Ik moest me bedwingen om niet met mijn ogen te rollen, maar dan zou het een beetje lijken of hij gewonnen had, of ik me aan hem ergerde.

Ik opende mijn mond om te zeggen dat ik van mijn vader alles mocht, dat hij mij zelfs een beetje suf vond, omdat ik geen drugs gebruikte en niet teveel dronk. Alleen verstoorden onze vrienden het moment.

'Yo!' riep Sebastian en Cameron gaf Ash een boks.

'Je mag alleen meedoen met het gesprek als je vader ook een klootzak is,' mompelde ik.

'Mijn vader is de opperklootzak, Road,' zei Cameron met een grijns. 'En die van Sebje is ook niet echt lief of zo.'

'Dan heb ik dus geluk met Fredster,' bromde ik.

'Ja, maar jouw vader is dan ook cool. En bekend.'

Bij de laatste woorden twijfelde ik of ik Cameron in elkaar wilde slaan - dat zou me nooit lukken - of dat ik door de grond wilde zakken. Dit was iets waar ik niet mee te koop liep. Al zou het niet lang geduurd hebben voor de nieuwelingen wisten wie ik was. Alleen al door mijn bijzondere voornaam.

'Je vader is bekend? Wie is hij dan?' Ik hoorde de nieuwsgierigheid in de stem van Gemma, maar haar broer gaf haar een stomp en het was duidelijk dat hij het wel wist, dat hij meer wist dan zijn zusje deed. Of zus, ik wist niet wie ouder was.

'Haar vader is Fred.'

'Ja, dus? Onze vader is Kees.'

'Fred, gitarist van de Sunny Dancing Shoes, die ouwelullenband waar pap altijd naar luistert.'

Nu gingen de wenkbrauwen van Gemma omhoog en er kwam een blik van herkenning in haar ogen. 'Die pokkeherrie?'

Haar broer knikte en bevestigde haar woorden. 'Waar wij de helft van de cd's voor in de auto van hebben kwijtgemaakt, omdat we het zo verschrikkelijk vinden. Road, je móet na school met ons mee naar huis en je moet blijven eten.'

Ash kneep zachtjes in mijn zij en trok me steviger tegen zich aan, terwijl hij langzaam zei: 'Road moet helemaal niets.'

Ik duwde zijn hand weg en bromde: 'Het is wel goed, Ash.' Dat zei ik heel zachtjes zodat de rest het niet hoorde. Toen ging ik op hardere toon verder tegen de tweeling. 'Vanmiddag kan ik niet.'

'Waarom kun je niet?' Nikolai keek me recht aan, zijn ogen priemend in de mijne. 'Heb je iets belangrijks te doen? Iets dat belangrijker is dan thee komen drinken met de Mad Hatter in wonderland?'

'Mad Hatter?' vroeg Ash verward. 'Waar heb je het over? Heb je spacecake gegeten en zie je nu rare dingen?'

De andere jongen kneep zijn ogen samen. 'Ja, ik zie een klein geel wezentje op je schouder zitten. Hij roept constant 'Pikachu'. Komt dat je bekend voor?'

Ash rolde met zijn ogen en schudde net iets te hard zijn hoofd. 'Nee, nog nooit van gehoord,' zei hij spottend.

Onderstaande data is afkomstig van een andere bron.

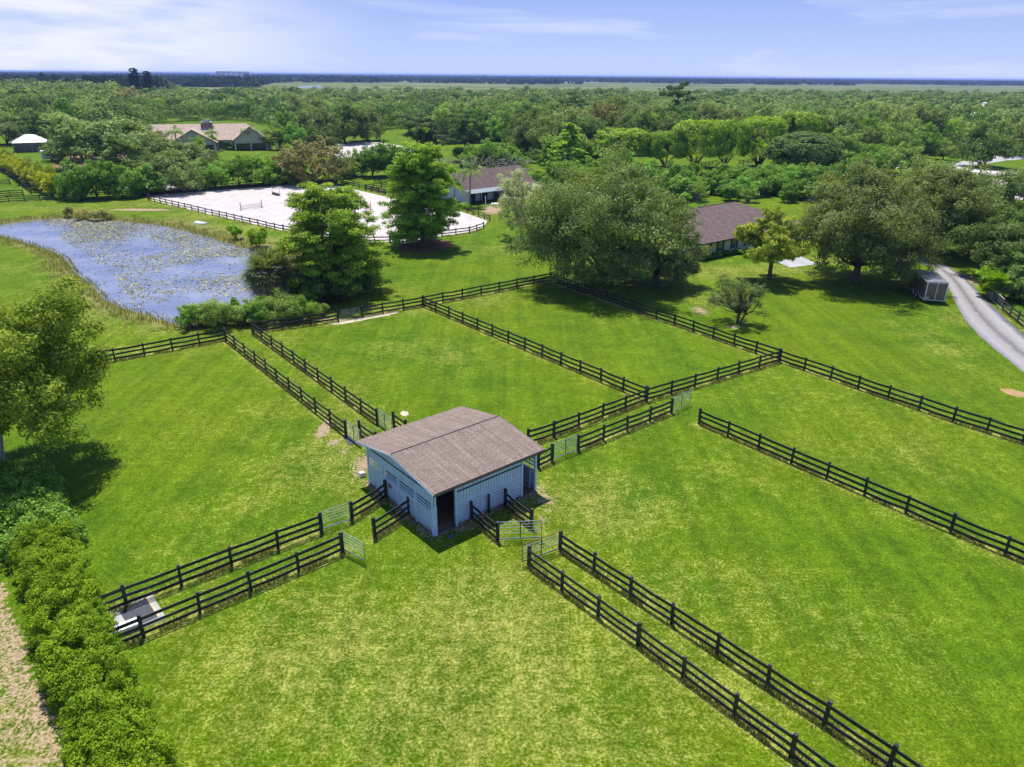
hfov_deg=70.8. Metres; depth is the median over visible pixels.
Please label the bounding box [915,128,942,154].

'Ik kan niet, omdat ik met mijn zusje de hond uit moet laten.' Met die woorden vluchtte ik weg. Nikolai was echt een vreemde jongen.

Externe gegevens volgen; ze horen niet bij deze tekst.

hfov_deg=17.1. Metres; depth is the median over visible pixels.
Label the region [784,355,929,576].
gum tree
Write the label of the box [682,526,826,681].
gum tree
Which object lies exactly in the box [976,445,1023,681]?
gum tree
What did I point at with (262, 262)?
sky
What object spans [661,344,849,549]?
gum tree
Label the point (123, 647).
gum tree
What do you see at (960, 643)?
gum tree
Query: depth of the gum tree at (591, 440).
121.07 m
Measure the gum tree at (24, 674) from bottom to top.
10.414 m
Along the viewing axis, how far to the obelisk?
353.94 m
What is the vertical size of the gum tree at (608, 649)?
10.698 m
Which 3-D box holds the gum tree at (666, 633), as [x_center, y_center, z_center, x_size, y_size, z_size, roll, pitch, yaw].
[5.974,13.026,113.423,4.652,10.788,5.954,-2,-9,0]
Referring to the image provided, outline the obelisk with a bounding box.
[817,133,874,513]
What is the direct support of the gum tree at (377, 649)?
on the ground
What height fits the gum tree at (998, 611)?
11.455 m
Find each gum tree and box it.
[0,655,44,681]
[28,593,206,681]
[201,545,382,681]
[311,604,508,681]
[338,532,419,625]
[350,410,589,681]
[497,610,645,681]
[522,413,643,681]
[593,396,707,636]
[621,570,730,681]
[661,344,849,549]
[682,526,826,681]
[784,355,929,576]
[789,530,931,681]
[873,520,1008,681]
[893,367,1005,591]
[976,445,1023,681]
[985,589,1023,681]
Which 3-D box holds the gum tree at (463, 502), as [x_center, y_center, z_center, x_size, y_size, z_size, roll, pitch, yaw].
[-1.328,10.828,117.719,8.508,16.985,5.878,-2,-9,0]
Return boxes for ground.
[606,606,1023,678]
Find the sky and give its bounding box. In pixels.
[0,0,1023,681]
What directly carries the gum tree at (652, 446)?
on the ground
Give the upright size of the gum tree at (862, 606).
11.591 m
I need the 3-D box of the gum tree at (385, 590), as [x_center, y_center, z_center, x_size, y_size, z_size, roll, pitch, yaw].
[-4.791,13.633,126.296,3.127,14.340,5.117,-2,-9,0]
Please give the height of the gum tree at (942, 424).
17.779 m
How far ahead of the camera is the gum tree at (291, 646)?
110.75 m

Ik liet me iets te hard in de stoel zakken, die protesteerde krakend toen ik erin plofte. Ik schoof mijn zonnebril over mijn neus en pakte het tijdschrift van de grond. Het was nog verdraaid warm voor september en zeker veel te warm voor schooldagen. Dit waren dagen die bij de vakantie hoorde, niet bij dagen die ik in muffe ruimtes door moest brengen, omdat ik daar opgesloten was.

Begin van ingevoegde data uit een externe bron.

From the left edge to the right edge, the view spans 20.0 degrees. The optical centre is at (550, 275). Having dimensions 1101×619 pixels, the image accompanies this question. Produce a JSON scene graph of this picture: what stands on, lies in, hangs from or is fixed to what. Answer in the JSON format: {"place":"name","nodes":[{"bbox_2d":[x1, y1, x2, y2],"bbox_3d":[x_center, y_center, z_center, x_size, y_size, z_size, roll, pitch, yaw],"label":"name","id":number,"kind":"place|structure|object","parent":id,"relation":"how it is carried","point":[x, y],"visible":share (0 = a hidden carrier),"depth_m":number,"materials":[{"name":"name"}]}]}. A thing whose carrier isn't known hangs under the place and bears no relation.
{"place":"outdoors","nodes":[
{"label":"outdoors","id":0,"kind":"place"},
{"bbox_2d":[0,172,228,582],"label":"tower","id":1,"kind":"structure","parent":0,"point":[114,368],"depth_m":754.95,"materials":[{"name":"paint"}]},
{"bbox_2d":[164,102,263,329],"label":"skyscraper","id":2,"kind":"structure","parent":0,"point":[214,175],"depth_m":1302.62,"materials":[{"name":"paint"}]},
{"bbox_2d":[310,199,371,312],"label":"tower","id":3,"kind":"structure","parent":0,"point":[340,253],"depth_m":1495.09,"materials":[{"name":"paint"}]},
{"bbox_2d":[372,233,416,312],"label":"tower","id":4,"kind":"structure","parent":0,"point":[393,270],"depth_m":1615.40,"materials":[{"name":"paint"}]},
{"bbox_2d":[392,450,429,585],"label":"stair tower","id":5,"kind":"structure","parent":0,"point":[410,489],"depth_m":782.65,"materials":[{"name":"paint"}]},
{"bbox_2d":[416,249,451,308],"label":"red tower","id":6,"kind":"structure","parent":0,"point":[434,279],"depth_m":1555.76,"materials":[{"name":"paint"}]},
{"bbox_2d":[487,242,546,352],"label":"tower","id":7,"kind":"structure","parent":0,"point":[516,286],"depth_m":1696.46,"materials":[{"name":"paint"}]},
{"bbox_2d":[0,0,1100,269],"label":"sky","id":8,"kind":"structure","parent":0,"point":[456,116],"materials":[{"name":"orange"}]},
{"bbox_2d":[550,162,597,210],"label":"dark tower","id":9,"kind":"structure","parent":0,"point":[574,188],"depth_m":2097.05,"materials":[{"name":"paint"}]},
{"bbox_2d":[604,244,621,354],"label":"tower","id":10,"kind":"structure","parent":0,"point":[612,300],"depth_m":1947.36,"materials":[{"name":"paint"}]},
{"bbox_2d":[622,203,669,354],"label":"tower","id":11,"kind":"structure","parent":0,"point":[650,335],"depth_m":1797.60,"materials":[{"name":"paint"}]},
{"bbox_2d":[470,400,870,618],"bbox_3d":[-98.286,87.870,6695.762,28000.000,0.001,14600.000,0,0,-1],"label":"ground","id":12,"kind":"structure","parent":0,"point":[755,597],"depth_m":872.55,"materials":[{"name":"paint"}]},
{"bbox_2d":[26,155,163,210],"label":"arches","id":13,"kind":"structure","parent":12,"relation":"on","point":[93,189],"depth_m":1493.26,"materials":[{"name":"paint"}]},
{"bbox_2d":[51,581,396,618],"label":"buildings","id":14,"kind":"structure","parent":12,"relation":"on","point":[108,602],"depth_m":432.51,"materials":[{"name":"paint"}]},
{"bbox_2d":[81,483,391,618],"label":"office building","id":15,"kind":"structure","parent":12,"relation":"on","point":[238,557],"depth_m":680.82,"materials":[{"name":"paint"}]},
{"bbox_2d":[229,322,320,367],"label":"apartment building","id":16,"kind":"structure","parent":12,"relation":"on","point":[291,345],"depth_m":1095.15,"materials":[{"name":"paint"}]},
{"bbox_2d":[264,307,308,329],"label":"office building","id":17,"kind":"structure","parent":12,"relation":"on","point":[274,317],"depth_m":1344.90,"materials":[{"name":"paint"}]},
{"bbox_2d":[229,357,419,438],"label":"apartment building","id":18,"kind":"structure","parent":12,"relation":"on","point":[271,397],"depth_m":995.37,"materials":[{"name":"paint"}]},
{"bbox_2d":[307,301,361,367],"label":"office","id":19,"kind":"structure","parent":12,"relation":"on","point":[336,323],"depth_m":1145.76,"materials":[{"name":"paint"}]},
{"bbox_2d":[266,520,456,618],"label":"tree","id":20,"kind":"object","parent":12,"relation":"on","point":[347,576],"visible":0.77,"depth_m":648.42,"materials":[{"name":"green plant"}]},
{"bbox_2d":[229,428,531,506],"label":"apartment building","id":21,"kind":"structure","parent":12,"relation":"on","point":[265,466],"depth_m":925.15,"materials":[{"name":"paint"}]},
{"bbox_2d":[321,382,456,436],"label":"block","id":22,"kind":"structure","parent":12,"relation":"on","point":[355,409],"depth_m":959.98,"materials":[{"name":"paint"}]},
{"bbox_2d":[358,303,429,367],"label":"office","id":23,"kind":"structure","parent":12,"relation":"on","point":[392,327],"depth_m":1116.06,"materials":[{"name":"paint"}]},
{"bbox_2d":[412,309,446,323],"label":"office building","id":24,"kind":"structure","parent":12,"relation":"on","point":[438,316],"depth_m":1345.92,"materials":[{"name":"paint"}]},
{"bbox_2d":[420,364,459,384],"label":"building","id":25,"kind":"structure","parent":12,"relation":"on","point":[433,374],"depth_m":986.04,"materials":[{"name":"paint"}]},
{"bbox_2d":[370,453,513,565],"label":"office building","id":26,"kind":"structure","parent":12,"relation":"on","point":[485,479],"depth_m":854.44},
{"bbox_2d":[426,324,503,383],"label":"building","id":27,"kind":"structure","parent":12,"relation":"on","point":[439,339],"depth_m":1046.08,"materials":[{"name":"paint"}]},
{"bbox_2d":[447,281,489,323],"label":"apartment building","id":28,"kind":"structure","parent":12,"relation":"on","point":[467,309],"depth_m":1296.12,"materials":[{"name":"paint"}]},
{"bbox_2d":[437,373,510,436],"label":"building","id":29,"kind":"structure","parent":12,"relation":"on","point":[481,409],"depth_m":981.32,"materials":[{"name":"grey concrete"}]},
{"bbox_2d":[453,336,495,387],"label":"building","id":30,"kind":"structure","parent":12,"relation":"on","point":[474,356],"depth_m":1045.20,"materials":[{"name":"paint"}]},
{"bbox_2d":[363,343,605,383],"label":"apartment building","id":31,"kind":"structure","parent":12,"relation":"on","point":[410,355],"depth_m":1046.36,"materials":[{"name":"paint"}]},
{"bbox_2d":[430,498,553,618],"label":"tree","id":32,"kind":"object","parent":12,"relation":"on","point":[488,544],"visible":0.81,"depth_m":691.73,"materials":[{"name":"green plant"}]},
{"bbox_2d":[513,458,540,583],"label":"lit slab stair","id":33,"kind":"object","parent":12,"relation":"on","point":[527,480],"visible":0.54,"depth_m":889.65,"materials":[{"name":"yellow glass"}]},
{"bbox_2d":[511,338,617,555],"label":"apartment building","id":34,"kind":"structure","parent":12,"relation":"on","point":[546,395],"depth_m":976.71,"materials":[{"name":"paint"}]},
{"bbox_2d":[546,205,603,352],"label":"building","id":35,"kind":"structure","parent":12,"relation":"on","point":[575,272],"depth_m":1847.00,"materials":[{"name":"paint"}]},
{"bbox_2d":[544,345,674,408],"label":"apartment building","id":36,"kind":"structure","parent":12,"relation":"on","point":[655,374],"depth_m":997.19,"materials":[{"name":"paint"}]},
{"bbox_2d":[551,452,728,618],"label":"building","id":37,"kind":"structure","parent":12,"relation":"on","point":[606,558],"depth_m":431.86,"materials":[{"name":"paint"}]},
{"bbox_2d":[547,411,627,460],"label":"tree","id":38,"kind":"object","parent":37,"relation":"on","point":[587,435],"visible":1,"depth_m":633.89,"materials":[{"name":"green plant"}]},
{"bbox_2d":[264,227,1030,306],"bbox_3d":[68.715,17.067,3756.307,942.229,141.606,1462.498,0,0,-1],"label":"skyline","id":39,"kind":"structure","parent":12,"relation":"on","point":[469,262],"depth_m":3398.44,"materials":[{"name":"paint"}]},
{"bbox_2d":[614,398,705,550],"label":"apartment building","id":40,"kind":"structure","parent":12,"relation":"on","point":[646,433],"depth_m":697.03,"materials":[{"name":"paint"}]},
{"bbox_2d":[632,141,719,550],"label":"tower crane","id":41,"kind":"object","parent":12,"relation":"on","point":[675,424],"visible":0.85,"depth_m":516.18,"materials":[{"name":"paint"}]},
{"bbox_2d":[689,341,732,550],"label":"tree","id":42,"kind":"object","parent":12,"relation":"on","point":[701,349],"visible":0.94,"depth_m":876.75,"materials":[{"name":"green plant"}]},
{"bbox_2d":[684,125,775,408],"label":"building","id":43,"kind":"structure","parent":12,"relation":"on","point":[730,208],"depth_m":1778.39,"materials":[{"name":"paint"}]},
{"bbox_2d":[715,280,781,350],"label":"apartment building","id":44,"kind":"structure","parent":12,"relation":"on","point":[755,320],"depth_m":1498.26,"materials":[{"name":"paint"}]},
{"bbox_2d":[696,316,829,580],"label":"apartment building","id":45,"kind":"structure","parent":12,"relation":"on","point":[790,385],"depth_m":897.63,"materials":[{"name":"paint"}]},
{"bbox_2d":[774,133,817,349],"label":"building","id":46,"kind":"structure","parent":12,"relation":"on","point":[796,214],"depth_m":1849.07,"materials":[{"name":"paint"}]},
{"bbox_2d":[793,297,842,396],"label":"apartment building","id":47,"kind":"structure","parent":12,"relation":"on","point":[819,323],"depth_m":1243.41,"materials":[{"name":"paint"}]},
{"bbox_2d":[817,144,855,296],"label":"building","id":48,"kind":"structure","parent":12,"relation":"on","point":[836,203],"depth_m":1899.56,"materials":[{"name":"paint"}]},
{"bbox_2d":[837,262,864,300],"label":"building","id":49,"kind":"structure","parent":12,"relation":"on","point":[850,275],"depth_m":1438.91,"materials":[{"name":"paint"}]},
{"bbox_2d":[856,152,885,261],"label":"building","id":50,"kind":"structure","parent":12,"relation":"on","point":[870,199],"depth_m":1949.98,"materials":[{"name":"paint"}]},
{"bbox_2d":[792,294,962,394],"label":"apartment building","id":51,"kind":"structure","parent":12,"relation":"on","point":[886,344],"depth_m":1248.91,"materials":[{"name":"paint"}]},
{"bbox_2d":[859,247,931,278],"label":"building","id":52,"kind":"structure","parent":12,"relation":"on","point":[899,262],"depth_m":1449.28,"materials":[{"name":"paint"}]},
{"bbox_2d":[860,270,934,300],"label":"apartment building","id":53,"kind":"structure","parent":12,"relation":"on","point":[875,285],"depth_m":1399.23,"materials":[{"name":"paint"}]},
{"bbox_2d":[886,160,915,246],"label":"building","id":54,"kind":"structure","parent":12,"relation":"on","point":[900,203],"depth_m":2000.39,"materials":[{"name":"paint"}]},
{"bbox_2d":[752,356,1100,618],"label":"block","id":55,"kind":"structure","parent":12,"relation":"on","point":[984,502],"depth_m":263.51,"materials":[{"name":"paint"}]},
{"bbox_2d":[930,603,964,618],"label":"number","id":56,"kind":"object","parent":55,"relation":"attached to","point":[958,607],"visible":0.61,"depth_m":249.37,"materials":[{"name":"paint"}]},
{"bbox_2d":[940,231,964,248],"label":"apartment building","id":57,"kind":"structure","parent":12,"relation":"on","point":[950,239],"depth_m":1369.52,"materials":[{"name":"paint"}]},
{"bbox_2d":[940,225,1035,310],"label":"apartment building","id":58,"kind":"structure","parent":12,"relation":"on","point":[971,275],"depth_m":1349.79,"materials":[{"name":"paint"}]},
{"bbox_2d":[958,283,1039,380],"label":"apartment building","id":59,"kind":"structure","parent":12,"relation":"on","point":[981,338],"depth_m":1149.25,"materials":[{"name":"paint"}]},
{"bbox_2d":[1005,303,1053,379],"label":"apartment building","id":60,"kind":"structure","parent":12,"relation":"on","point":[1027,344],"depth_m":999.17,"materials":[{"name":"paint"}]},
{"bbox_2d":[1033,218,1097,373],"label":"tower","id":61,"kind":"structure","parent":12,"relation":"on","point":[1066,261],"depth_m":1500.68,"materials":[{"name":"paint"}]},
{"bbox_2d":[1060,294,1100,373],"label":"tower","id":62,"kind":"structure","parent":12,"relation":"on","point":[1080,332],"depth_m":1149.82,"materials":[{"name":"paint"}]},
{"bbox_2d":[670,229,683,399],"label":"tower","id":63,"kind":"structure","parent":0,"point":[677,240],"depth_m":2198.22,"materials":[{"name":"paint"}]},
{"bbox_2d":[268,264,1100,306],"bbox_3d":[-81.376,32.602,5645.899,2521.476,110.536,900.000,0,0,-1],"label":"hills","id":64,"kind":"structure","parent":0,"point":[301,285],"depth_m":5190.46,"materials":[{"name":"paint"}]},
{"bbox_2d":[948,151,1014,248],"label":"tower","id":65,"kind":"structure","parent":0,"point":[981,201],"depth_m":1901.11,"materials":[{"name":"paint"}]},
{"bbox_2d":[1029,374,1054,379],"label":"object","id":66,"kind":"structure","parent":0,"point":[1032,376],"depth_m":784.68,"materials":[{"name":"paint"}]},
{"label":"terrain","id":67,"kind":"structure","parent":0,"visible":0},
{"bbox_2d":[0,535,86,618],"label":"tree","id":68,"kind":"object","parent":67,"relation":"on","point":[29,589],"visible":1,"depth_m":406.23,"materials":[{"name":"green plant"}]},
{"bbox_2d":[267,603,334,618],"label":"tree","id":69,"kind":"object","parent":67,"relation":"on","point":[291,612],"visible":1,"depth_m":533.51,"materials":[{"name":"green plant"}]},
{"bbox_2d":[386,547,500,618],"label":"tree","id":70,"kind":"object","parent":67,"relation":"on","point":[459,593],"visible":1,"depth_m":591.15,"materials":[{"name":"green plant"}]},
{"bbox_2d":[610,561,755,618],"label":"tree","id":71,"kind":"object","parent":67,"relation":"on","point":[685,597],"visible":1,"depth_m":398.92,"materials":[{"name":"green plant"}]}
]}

Mijn vader zou waarschijnlijk zeggen dat ik dan gewoon met school moet stoppen. Hij had immers ook nooit verder geleerd en hij had nu tonnen op de bank, twee villa's, vijf kinderen met rare namen, een ex-vrouw en een lila cadillac. Maar mijn vader had ook iets dat ik nooit zou krijgen: een talent. Een ex-vrouw krijgen was voor mij waarschijnlijk ook vrij onwaarschijnlijk, maar dat zou kunnen als ik biseksueel zou zijn en voor Sofie zou vallen.

Ik propte een oortje van mijn iPod in mijn oren en leunde achterover. Voor de verandering was er niemand thuis en daar moest ik van genieten, want je wist hier nooit hoelang het zou duren voor het gedaan was met de rust. Ik sloot mijn ogen om te genieten van de zon en van Muse op mijn iPod.

'Ik zie dat je het druk hebt.'

Ik zag spoken. Ik had net beslist niet de stem van Nikolai gehoord. Dat kon niet, dat was gewoon onmogelijk. Ik kneep mijn ogen nog steviger dicht. Ik moest gek aan het worden zijn, dat kon niet anders.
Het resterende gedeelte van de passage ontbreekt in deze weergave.